> Problem requirements: All the data should be transcribed exactly, with every line kept.

Records from a dataset
----------------------------------------

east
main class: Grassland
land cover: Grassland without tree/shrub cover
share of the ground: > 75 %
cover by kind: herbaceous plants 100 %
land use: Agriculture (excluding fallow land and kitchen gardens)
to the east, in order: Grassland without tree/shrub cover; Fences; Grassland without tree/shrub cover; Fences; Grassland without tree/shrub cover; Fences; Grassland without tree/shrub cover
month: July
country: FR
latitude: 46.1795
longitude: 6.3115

----------------------------------------

> Exercise solution:
east
main class: Grassland
land cover: Grassland without tree/shrub cover
share of the ground: > 75 %
cover by kind: herbaceous plants 100 %
land use: Agriculture (excluding fallow land and kitchen gardens)
to the east, in order: Grassland without tree/shrub cover; Fences; Grassland without tree/shrub cover; Fences; Grassland without tree/shrub cover; Fences; Grassland without tree/shrub cover
month: July
country: FR
latitude: 46.1795
longitude: 6.3115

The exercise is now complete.